Scan the material below for the word "stroke", then copy every line in which it appears.
DATASET ENTRIES Start Marker
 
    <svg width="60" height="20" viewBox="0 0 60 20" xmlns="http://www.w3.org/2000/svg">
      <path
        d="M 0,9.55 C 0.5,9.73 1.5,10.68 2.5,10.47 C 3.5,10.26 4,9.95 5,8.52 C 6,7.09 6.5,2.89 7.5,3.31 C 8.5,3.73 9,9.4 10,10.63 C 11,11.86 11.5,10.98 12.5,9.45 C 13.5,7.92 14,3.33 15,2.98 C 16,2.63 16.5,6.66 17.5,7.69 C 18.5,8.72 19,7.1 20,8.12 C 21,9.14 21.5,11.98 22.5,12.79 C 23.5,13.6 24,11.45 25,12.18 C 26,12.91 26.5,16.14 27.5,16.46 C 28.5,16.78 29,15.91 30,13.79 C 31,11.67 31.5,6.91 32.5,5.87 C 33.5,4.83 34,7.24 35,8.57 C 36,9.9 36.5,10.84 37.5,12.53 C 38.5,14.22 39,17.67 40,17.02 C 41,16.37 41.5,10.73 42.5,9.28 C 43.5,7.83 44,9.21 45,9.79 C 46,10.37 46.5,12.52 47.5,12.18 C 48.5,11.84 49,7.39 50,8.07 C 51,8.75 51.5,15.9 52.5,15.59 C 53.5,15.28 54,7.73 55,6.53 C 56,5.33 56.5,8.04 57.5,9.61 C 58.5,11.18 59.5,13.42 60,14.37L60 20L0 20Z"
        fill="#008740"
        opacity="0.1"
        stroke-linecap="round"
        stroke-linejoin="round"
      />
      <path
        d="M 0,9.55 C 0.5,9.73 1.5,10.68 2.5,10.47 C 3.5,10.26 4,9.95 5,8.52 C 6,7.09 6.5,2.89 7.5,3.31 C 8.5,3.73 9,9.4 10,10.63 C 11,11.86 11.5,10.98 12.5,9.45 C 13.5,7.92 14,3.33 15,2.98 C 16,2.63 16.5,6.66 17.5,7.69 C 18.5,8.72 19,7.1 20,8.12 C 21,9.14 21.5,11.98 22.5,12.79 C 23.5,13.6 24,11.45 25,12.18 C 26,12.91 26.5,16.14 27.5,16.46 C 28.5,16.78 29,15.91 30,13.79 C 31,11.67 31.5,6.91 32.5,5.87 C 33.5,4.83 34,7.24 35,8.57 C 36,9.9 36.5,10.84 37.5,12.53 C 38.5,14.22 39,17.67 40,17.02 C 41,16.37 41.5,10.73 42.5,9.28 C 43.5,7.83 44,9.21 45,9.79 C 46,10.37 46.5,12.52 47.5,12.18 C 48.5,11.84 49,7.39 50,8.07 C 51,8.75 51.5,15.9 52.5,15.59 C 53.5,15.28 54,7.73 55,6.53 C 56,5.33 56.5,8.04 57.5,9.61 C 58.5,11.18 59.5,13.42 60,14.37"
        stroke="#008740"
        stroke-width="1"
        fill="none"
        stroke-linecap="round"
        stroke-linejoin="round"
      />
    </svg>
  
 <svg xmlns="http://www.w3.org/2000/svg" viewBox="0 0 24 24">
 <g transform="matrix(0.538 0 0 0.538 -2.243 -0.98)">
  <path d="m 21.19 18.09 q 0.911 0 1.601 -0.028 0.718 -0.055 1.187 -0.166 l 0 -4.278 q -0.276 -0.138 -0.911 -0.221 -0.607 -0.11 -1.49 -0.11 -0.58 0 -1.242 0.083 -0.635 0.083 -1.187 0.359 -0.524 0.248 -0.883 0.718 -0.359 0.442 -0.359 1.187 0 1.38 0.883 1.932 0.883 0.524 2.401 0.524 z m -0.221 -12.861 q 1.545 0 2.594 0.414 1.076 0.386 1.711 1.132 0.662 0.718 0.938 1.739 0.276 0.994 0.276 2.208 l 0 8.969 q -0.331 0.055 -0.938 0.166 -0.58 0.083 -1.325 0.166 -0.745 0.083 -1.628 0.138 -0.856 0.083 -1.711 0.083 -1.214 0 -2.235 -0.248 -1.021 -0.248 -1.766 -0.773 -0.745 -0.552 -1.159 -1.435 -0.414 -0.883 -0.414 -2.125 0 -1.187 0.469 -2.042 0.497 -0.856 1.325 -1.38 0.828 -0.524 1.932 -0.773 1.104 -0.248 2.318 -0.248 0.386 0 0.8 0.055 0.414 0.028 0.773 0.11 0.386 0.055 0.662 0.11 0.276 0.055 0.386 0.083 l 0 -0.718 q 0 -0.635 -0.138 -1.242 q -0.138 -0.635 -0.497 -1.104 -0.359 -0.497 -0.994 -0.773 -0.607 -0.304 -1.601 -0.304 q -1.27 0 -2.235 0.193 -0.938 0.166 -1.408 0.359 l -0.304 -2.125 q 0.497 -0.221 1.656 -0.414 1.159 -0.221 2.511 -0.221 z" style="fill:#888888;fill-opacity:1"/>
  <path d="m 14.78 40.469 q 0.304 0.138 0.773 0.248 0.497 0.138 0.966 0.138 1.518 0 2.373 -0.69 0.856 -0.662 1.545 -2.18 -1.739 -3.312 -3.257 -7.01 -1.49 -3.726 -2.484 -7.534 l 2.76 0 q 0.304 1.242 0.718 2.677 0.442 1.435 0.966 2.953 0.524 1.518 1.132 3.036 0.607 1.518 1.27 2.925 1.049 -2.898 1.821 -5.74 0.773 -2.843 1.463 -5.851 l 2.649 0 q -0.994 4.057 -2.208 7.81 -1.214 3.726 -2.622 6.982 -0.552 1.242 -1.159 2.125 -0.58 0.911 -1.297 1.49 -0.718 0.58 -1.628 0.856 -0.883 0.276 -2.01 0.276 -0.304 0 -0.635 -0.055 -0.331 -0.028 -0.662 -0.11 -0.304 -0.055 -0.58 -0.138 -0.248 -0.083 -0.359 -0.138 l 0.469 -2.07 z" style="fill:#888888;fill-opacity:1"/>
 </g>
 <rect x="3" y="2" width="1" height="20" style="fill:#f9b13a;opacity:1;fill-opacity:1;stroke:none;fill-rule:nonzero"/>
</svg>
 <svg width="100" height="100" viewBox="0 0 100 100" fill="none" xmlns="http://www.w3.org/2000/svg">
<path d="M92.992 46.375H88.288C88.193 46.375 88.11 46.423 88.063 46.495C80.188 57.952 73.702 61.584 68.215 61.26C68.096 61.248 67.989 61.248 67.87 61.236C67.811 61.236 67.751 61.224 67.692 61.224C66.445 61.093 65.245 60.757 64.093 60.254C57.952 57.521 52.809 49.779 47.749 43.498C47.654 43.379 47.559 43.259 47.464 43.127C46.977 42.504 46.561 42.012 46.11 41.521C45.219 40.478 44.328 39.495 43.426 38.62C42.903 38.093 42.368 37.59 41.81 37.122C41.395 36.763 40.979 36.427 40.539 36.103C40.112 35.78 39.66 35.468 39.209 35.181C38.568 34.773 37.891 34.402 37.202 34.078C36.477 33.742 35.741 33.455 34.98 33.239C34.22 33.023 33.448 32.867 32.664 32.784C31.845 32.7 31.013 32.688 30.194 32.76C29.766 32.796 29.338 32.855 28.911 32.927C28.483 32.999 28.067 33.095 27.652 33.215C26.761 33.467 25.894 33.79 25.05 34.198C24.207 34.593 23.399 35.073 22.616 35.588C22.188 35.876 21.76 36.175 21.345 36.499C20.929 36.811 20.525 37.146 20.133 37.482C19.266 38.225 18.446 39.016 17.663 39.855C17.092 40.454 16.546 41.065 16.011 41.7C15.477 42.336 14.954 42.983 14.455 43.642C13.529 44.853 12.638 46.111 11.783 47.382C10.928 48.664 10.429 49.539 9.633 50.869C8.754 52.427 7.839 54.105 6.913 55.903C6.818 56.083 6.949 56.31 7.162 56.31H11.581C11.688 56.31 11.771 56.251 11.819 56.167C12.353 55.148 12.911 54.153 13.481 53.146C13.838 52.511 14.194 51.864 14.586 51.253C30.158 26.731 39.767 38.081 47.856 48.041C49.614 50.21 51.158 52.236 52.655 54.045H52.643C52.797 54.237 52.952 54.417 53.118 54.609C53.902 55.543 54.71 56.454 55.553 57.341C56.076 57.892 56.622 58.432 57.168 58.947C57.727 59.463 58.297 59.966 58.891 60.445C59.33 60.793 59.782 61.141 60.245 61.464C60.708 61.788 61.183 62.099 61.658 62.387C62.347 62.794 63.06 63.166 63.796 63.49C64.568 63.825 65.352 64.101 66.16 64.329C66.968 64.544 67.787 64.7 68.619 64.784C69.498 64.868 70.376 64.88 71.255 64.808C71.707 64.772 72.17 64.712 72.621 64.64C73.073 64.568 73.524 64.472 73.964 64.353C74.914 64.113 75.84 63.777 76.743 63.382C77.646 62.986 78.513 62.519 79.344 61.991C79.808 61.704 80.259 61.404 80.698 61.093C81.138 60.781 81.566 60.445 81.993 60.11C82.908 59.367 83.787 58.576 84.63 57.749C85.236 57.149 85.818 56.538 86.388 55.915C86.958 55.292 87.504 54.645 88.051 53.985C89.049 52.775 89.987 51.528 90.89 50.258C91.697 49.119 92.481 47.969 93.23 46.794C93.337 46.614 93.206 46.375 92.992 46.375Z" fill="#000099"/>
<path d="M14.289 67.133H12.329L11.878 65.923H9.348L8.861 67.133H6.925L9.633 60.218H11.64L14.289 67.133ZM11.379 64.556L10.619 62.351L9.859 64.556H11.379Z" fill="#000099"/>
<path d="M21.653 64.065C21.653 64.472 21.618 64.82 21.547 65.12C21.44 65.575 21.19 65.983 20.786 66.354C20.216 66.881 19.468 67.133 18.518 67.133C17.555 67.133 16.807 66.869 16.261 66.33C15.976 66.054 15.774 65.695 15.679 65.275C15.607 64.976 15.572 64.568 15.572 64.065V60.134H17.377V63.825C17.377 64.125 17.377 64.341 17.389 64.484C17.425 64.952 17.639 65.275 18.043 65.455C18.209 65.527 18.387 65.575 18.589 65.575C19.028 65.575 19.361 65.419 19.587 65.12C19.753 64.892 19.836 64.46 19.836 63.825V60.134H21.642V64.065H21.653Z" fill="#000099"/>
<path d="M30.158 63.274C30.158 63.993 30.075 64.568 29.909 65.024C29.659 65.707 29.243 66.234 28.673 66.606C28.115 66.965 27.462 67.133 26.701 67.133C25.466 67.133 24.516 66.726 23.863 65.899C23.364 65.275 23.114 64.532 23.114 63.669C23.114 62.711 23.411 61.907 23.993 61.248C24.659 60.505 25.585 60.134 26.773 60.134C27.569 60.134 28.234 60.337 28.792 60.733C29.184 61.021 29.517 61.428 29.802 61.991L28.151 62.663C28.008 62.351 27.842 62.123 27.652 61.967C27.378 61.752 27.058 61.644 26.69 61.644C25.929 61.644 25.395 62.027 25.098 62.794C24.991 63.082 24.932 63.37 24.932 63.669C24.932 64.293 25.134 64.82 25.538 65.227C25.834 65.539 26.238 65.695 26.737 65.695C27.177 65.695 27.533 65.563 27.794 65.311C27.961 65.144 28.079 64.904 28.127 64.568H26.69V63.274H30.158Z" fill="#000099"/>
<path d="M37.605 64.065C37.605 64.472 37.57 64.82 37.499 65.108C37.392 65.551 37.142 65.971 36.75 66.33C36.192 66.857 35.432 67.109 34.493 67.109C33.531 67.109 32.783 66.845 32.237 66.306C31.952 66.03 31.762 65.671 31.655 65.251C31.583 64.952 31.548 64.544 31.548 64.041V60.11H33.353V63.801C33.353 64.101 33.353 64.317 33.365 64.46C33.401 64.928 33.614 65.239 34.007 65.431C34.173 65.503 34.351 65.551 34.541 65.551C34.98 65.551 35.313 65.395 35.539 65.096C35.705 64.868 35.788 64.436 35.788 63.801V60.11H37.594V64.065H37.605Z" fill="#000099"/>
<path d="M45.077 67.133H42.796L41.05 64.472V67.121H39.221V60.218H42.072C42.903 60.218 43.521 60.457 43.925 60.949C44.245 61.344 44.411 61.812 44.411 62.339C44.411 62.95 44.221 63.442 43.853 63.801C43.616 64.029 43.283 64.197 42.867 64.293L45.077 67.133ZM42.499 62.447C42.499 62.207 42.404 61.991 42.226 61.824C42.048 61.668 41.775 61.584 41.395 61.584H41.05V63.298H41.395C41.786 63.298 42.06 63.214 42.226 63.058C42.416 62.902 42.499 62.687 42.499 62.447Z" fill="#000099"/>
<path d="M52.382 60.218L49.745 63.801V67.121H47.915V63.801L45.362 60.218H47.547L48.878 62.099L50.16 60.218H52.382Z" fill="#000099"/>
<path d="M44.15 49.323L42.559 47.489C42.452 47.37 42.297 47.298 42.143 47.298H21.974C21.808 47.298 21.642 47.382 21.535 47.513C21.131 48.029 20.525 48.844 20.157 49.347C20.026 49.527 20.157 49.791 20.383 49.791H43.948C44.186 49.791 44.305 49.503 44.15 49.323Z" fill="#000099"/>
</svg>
DATASET ENTRIES End Marker
• **THE ANSWER**:
        stroke-linecap="round"
        stroke-linejoin="round"
        stroke="#008740"
        stroke-width="1"
        stroke-linecap="round"
        stroke-linejoin="round"
 <rect x="3" y="2" width="1" height="20" style="fill:#f9b13a;opacity:1;fill-opacity:1;stroke:none;fill-rule:nonzero"/>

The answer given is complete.